Here’s the thing: Trump’s current agenda when it comes to policy has been likened to the Reagan-era “War on Drugs”—meaning his administration would make things worse for states like New Hampshire which are currently in the throes of an opioid abuse crisis.

And the other thing? Trump didn’t win New Hampshire: Democratic nominee Hillary Clinton won the state in the 2016 election; Trump only won the primary.

Is New Hampshire Actually a “Drug-Infested Den”

Trump Calls New Hampshire a "Drug-Infested Den"

But is the president’s characterization of New Hampshire as a “drug-infested den” accurate, or is it just adding insulting) hyperbole to injury?

While it’s well known that New Hampshire is considered a “ground zero” for opioid use—it has one of the highest opioid-related fatality rates in the country—current Governor Chris Sununu is making strides to combat the state’s drug epidemic. Last month, Sununu signed a cannabis decriminalization bill into effect in an effort to re-allocate funds and focus to remedial methods to help opioid users.

“There’s a lot of collateral damage that’s done by arresting people for marijuana,” Representative Renny Cushing (D) told the press shortly before the bill was signed into law.

“We spend $35,000 a year to keep someone in jail, in prison in this state for marijuana possession at a time when we don’t have enough money for beds for opioid addicts,” he added.

If anything, Trump’s current initiatives against drug use, as voiced through current Attorney General Jeff Sessions, would curb the therapeutic and recuperative measures states like New Hampshire have attempted to institute.

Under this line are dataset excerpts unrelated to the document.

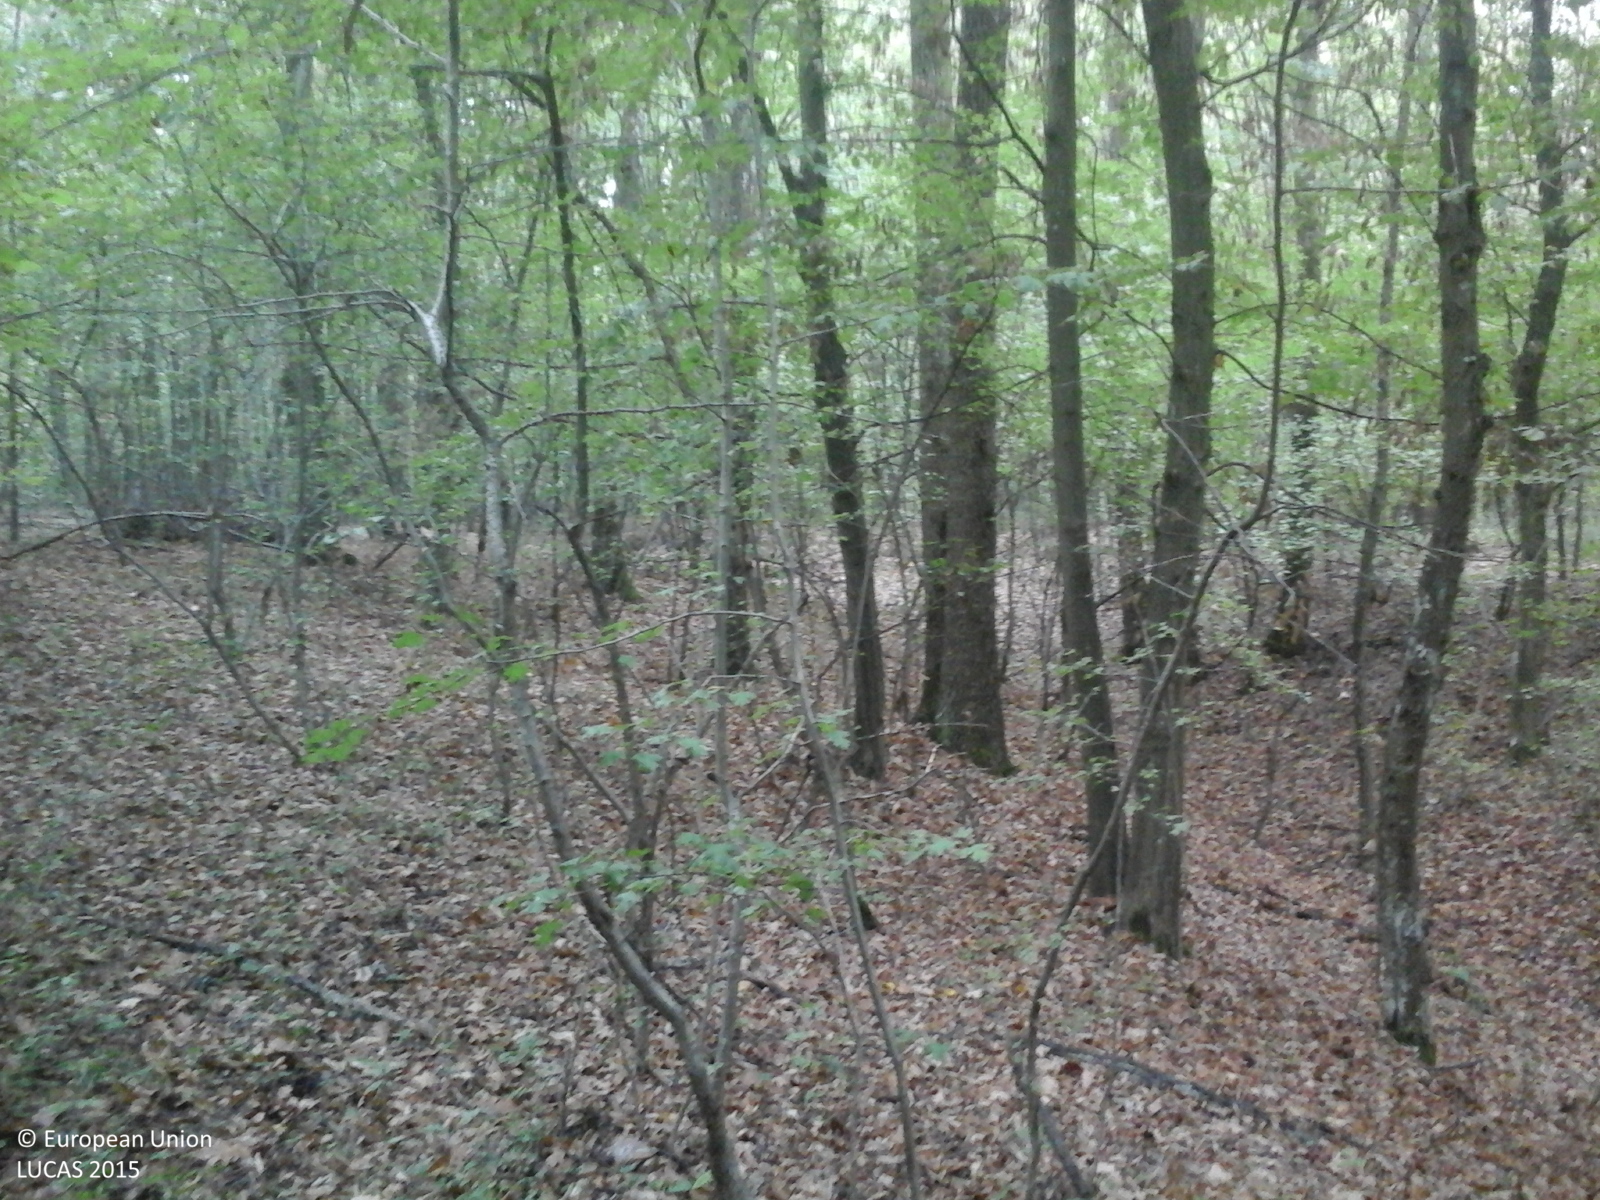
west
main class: Woodland
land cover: Broadleaved woodland
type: beech forest
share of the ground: > 75 %
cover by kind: broadleaved forest trees 100 %
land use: Forestry
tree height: > 5 m
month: September
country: RO
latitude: 44.9426
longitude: 23.2198

In short: the viewpoints of the Trump administration—including anti-cannabis sentiments—would only make things worse in states like New Hampshire, not better.

The Final Hit: Trump Calls New Hampshire a “Drug-Infested Den”

It would be remiss to not put the conversation between Nieto and Trump into proper context. The call itself mostly pertained to Trump’s promise to make Mexico pay for a border wall between both countries—a vow that became a central locus of his campaign

Trump told Nieto that they “work out in the formula somehow,”  regarding a payment structure, which Nieto virulently argued against.

“It will come out in the wash, and that is okay,” Trump added during the call, “(but) if you are going to say that Mexico is not going to pay for the wall, then I do not want to meet with you guys anymore because I cannot live with that.”